I will update the markets charts following Friday’s close.  In summary so far this week, risk assets have generally been battered across the world, led lower by U.S. tech shares and cryptocurrencies.  Bonds were better bid most of the week, with UST yields slightly lower across the curve.  The Dollar was a touch better, and gold a touch weaker.   

 

Here are the things that drove sentiment in markets this week. 

 

NVIDIA (NVDA) earnings

Rather than rehash the very strong results of NVDA for the 3Q26, you can find the press release here and the financial results (10Q) here, both from the company’s website.  The investor presentation is here.
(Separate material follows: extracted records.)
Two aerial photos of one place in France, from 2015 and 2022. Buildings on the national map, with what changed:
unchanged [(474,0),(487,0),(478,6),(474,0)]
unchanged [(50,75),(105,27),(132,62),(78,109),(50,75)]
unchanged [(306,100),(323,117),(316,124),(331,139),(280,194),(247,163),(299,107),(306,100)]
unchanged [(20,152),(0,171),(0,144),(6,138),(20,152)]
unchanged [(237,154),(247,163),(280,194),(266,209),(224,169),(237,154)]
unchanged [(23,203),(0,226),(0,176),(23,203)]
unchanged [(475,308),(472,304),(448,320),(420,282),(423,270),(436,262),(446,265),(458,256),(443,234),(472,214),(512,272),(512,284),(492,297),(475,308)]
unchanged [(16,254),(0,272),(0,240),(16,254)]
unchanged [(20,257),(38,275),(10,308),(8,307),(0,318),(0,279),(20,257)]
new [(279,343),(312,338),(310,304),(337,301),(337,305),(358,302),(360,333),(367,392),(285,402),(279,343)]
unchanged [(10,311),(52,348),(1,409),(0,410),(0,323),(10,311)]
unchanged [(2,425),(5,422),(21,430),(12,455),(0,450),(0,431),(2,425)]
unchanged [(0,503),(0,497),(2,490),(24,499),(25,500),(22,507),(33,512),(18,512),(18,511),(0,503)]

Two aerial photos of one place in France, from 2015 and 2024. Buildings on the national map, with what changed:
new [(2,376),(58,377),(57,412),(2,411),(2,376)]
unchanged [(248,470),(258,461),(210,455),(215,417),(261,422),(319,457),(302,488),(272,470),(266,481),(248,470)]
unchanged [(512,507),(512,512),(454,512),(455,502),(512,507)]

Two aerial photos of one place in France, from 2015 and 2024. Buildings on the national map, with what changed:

NVDA’s CEO Jensen Huang was extremely positive as usual on the outlook across the board, celebrating amazing quarterly results and an optimistic (understatement) outlook.   Different than meme-like stocks like TSLA and PLTR – both wildly over-valued for different reasons – NVDA backs up its more reasonable valuation with performance, quarter after quarter.  Here’s an extract from CEO Huang on the investor call, that sums up the outlook for this company, which is in the epicentre of the A.I. explosion:

 

“Blackwell [most sophisticated NVDA chip for A.I.] sales are off the charts, and cloud GPUs are sold out,” said Jensen Huang, founder and CEO of NVIDIA. “Compute demand keeps accelerating and compounding across training and inference — each growing exponentially. We’ve entered the virtuous cycle of AI. The AI ecosystem is scaling fast — with more new foundation model makers, more AI startups, across more industries, and in more countries. AI is going everywhere, doing everything, all at once.”

 

The stock popped instantly post-earnings in the after-market and opened nearly $10 higher ($195.95/share) on Thursday morning, but then began a fade that took the shares lower and lower, ultimately closing the day down just over 3% at $180.64/share.  It makes you wonder more and more about the bubble deflating in the crowded A.I. trade.  And speaking of which…

 

A.I. and risk assets

A.I. has been the narrative that has largely been responsible for pushing a number of U.S. stocks – none more than the hyper-scalers – to record levels.  For several months now, the talk of an A.I. bubble in stocks has made news but has largely been ignored by investors as tech stocks continued to climb.  However, it now appears that gravity is taking over, and stocks associated with A.I. are getting whacked.  Even NVDA could not hold onto its post-earnings gains, gapping up, reversing course and closing down intraday on Thursday, the day after stellar earnings and encouraging guidance. Investors have been conditioned to expect buy-the-dip investors to ride to the rescue, “fundamentals be-damned”, but I am sensing this time might be different.   Some meme and meme-like stocks, along with speculative assets like cryptocurrencies, are also in free fall with no support in sight.  The table below provides the performance of the hyper-scalers, along with some related retch / risk stocks.  It has been a rocky ride the last couple of weeks for investors in these names.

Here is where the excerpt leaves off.